We estimated current smoking prevalence, and work and life stress status among rural–urban migrants, and identified sociodemographic, migratory, and stress correlates of current smoking. At 64.9% (95% CI: 62.4-67.2%), the current smoking prevalence is significantly higher than the estimate for a national male sample, which was based on data from the Global Adult Tobacco Survey (GATS) (52.1%, 95% CI: 49.7-54.5%)[2]. One of our previous studies showed that smoking prevalence increased among rural–urban migrants after they moved to the city [6]. In our current study, we estimated that 19.5% of rural–urban migrants had high life stress and 21.6% high work stress. We found no previous studies on work and life stress for this population that utilized standard methods of measurement. However, a number of studies showed a high prevalence of stress and mental health problems among Chinese rural–urban migrants [7,8,20,22]. In another of our studies, we found high stress among rural–urban migrants, with the mean CPSS score being 26.4 (95% CI: 26.2–26.60), as compared to 23.8 (95% CI: 23.5–24.1) for male urban residents and 24.8 (95% CI: 24.7–25.0) for rural counterparts [23,24]. Collectively, these findings point to excess prevalence of smoking and stress among rural–urban migrants, and in the process reveal a very important and interconnected social and public health issue.

Addressing a gap in the literature, our exploratory study examines associations between both perceived work stress and life stress with current smoking among the Chinese rural–urban migrant population. Based on running two alternative models, Models 1 and 2, we found that migrants with high work stress had 1.75 times the likelihood of being current smokers as those with low work stress, and the corresponding likelihood for life stress was 1.45 times. These preliminary findings are consistent with those from other studies, which report that high levels of stress from multiple stressors may increase the likelihood of tobacco consumption [6,9-13,16,18,19]. Our findings, in concert with comparative data from previously documented studies, suggest a special need to ameliorate stress among the migrants, since they show both an excess of high stress and smoking behavior relative to urban residents [2,24]. For this reason, the Central government should consider changing the current policy on the household registration system, so as to guarantee the migrants the same legal rights of citizenship at the urban destination as local residents. Only through elimination of this major impediment to equality will there be improvement in the working and living conditions of these migrants.

Our study found that 25% of rural–urban migrants reported that low pay was a source of high work stress, the largest percentage among the items that we employed in measuring that variable. These migrants perform arduous work that yields low economic returns. Indeed, this effort-reward imbalance generates high stress levels, which in turn are conducive to smoking [25]. However, low pay likely induces high work stress, independent of migrant status, and indeed other studies have shown that high effort-low reward relationships promote smoking [19,26].

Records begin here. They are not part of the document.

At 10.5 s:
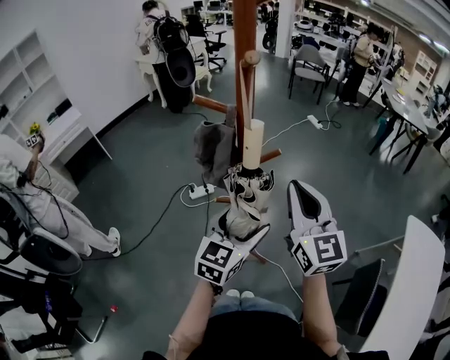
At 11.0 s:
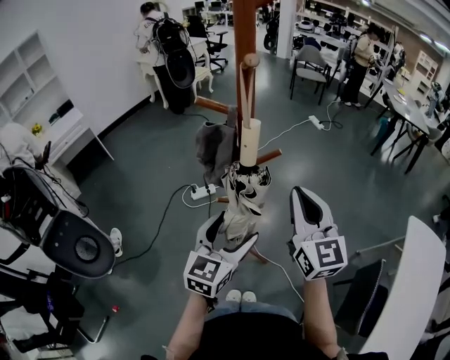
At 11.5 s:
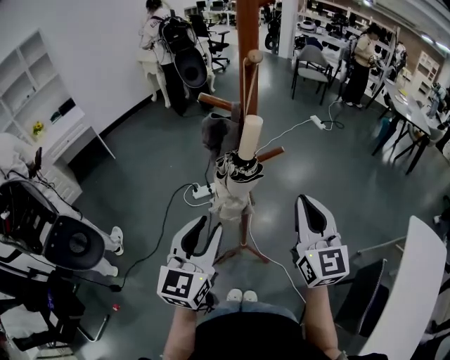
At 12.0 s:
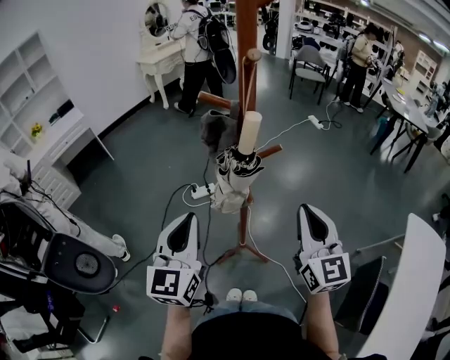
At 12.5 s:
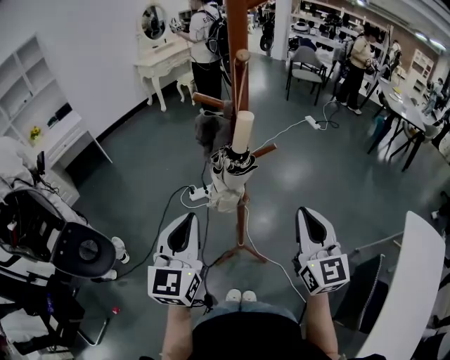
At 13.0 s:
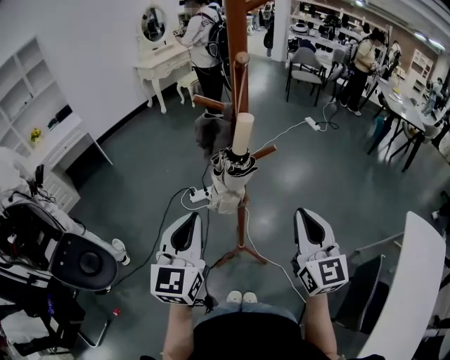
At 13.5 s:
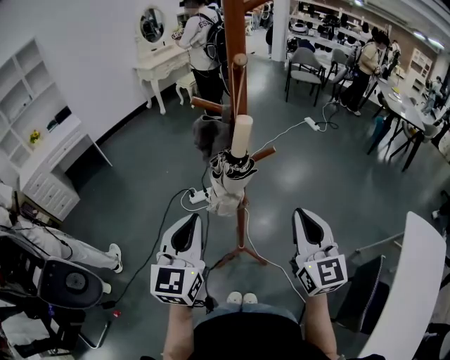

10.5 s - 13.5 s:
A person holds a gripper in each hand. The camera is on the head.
10.5 s - 12.0 s: The right gripper moves backward, approximately 5 cm; the left gripper travels to the left and upward by about 15 cm, rotates approximately 30 degrees, and closes up.
12.0 s - 13.5 s: The grippers stay close to where they were, moving slightly.

In the presence of the perceived life stress variable, perceived work stress did not show an association with current smoking among rural–urban migrants (Model 1). It did in its absence (Model 2). This finding implies that there is a major overlap in the two stress concepts, or at least in the way that we operationalized them. Our future research will need to consider stress-smoking relationships in terms of separate and joint contributions from the respective items constituting our perceived stress measures. Analytic longitudinal research will be essential for appropriately evaluating the absolute and relative importance of life stress and work stress as determinants of smoking behavior, within the context of the migration experience.

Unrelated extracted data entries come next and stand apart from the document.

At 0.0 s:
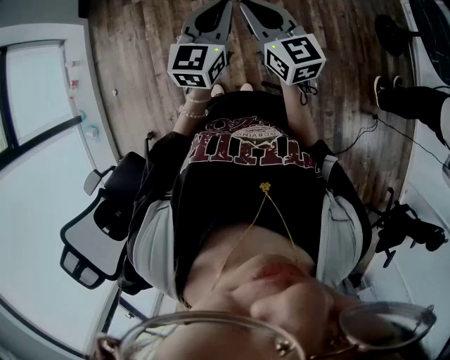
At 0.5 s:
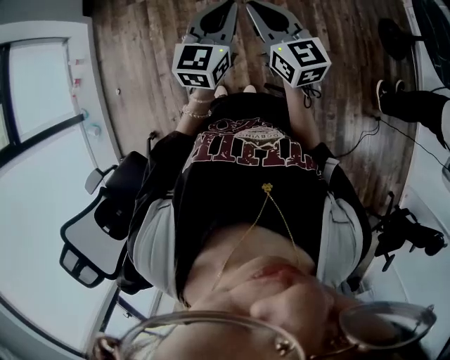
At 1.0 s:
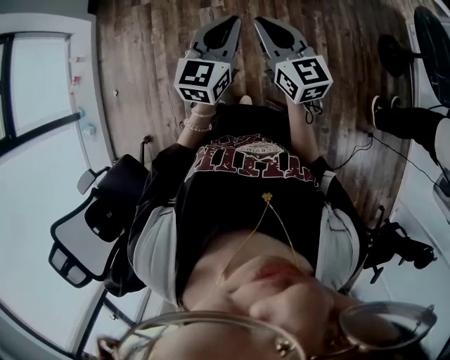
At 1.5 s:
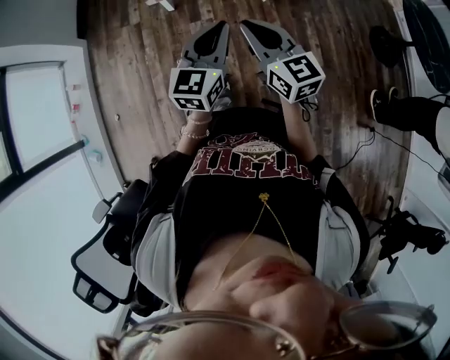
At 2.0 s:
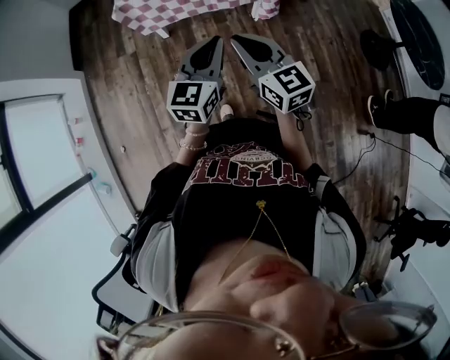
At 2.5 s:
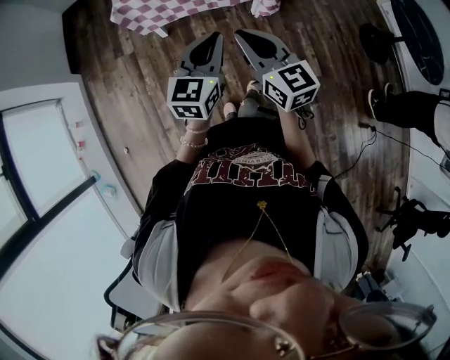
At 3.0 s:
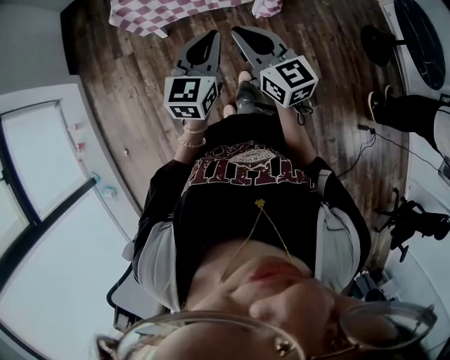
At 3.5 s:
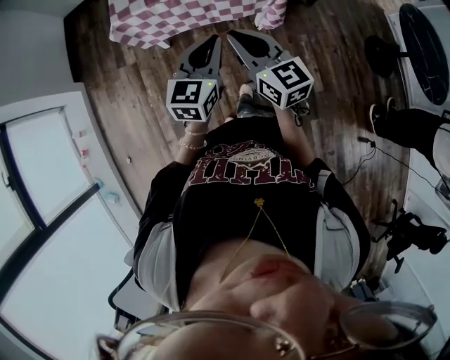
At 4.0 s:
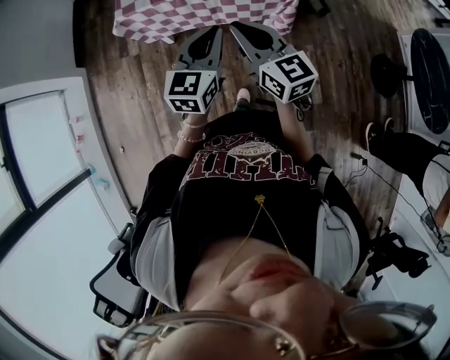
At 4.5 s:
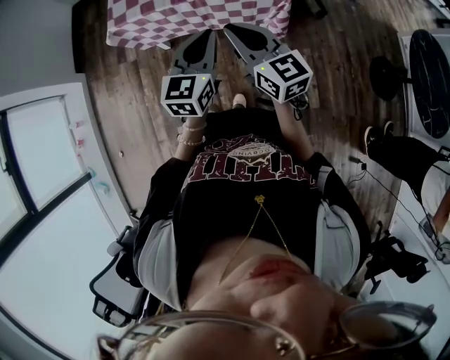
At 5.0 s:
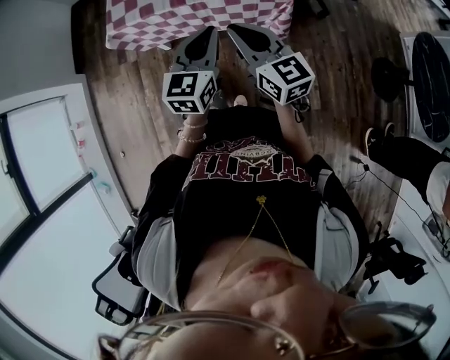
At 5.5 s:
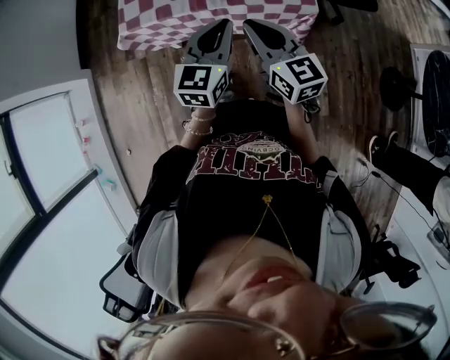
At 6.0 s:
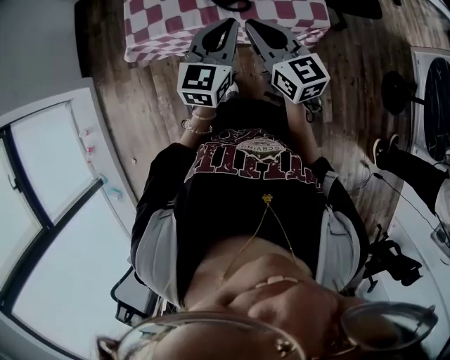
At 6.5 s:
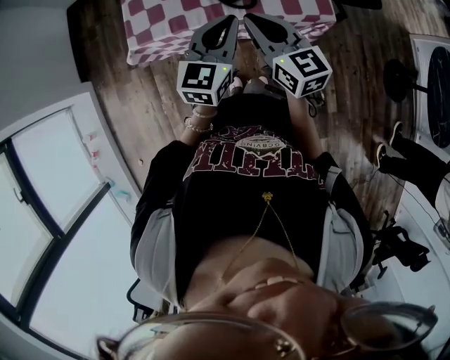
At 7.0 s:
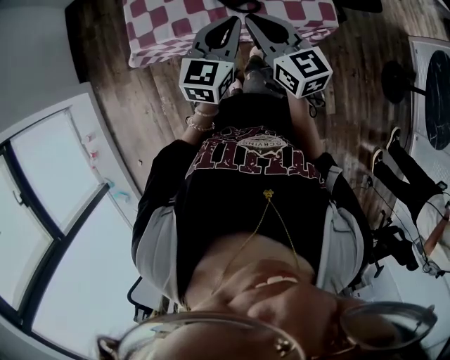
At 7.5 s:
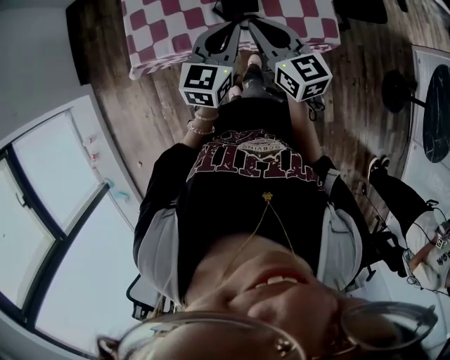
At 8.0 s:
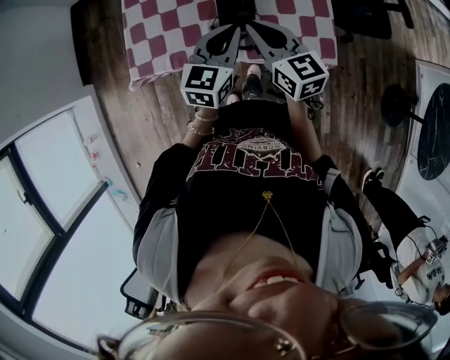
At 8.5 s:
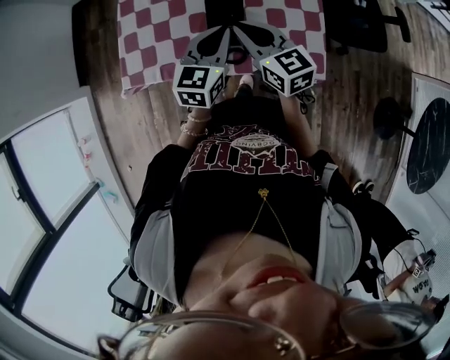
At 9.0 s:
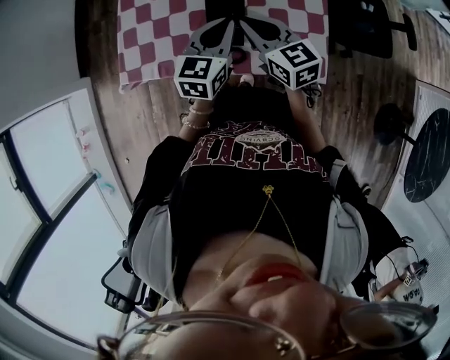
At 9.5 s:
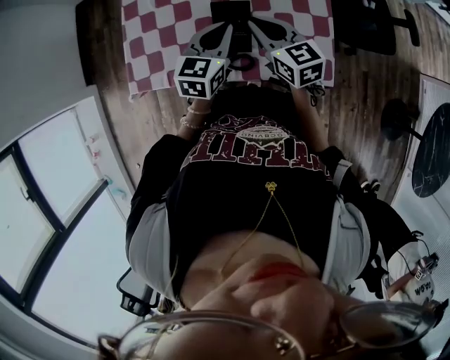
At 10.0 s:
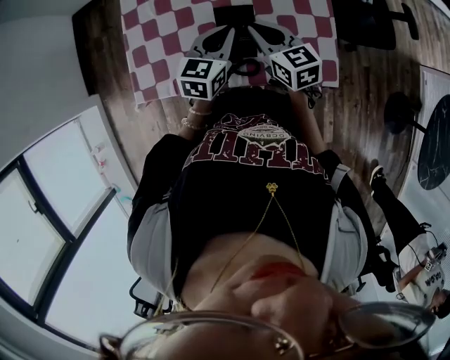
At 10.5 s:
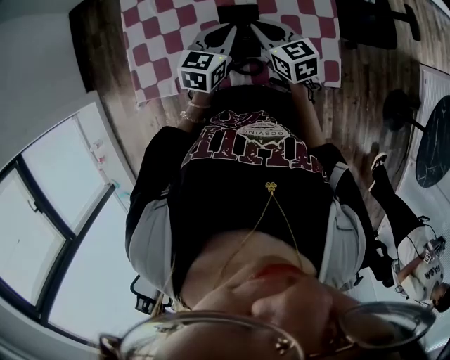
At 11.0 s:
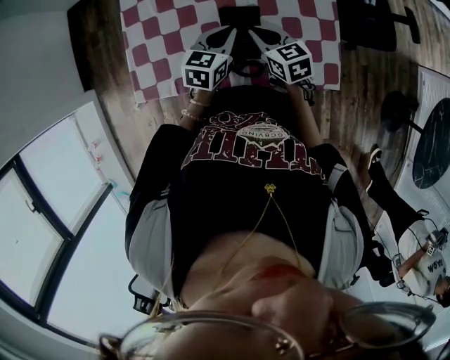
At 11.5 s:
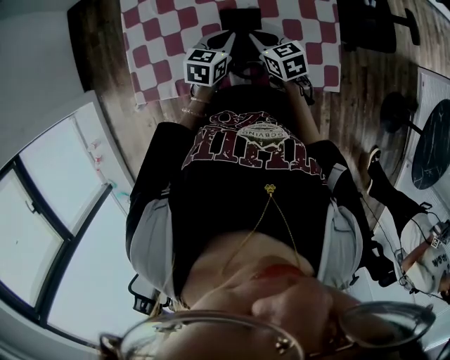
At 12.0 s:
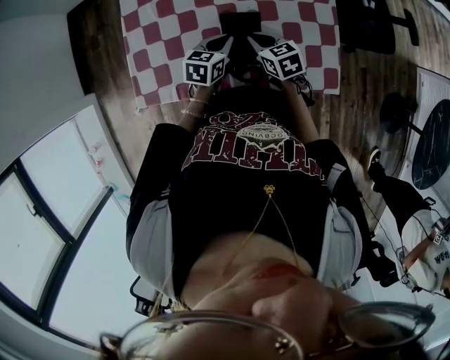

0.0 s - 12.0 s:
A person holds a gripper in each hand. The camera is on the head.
0.0 s - 2.0 s: The two grippers go roughly 15 cm forward.
2.0 s - 4.0 s: Both grippers move forward, some 20 cm.
4.0 s - 6.0 s: Both grippers move forward, roughly 20 cm.
6.0 s - 8.0 s: Both grippers move forward, roughly 15 cm.
8.0 s - 10.0 s: The right gripper travels forward and downward by roughly 10 cm. The left gripper heads forward, covering some 10 cm.
10.0 s - 12.0 s: The two grippers go roughly 10 cm downward.

Our results reinforce observations that stress is a risk factor for smoking [6,9-16]. Several studies suggest that Chinese rural–urban migrants have excess smoking prevalence, and that their smoking behavior is linked to high stress [6,16-18,21]. Our study revisited this question from a broader perspective. Prior studies found that working conditions are associated with smoking among rural–urban migrants, and that high work stress may increase their prevalence of tobacco use [6,17,18,21]. Rural–urban migrants are industrious, have low wages, and the effort-reward imbalance elevates stress and promotes smoking [25].This association has been tested in other populations, with higher effort-lower reward combinations increasing smoking prevalence [19,26]. Several studies noted that rural–urban migrants encounter many daily challenges [7,8,17,20]. These migrants live in overcrowded accommodations with poor sanitation, frequently reside separately from wives and family, have low family incomes, and their children lack basic education. We found that such high life stress adversely impacts their smoking behavior. Previous research has shown that the prevalence of smoking initiation increases with unstable living conditions [6,16,18,21]. In contrast to previous studies, we factored instability of both living and employment into our life-stress component. Collectively, work stress and life stress arise from and exacerbate the challenges faced by rural–urban migrant workers [20]. In running Model 1, we found that life stress suppresses work stress as a correlate of smoking among the migrant workers. This finding fits the reality that, typically, the migration process first means profound separation from family, with concomitant personal problems later becoming compounded by the strain of seeking, obtaining, and retaining city employment. Coming to the fore in this problematic situation is the need for Government to guarantee rights and benefits to this highly vulnerable rural–urban migrant population.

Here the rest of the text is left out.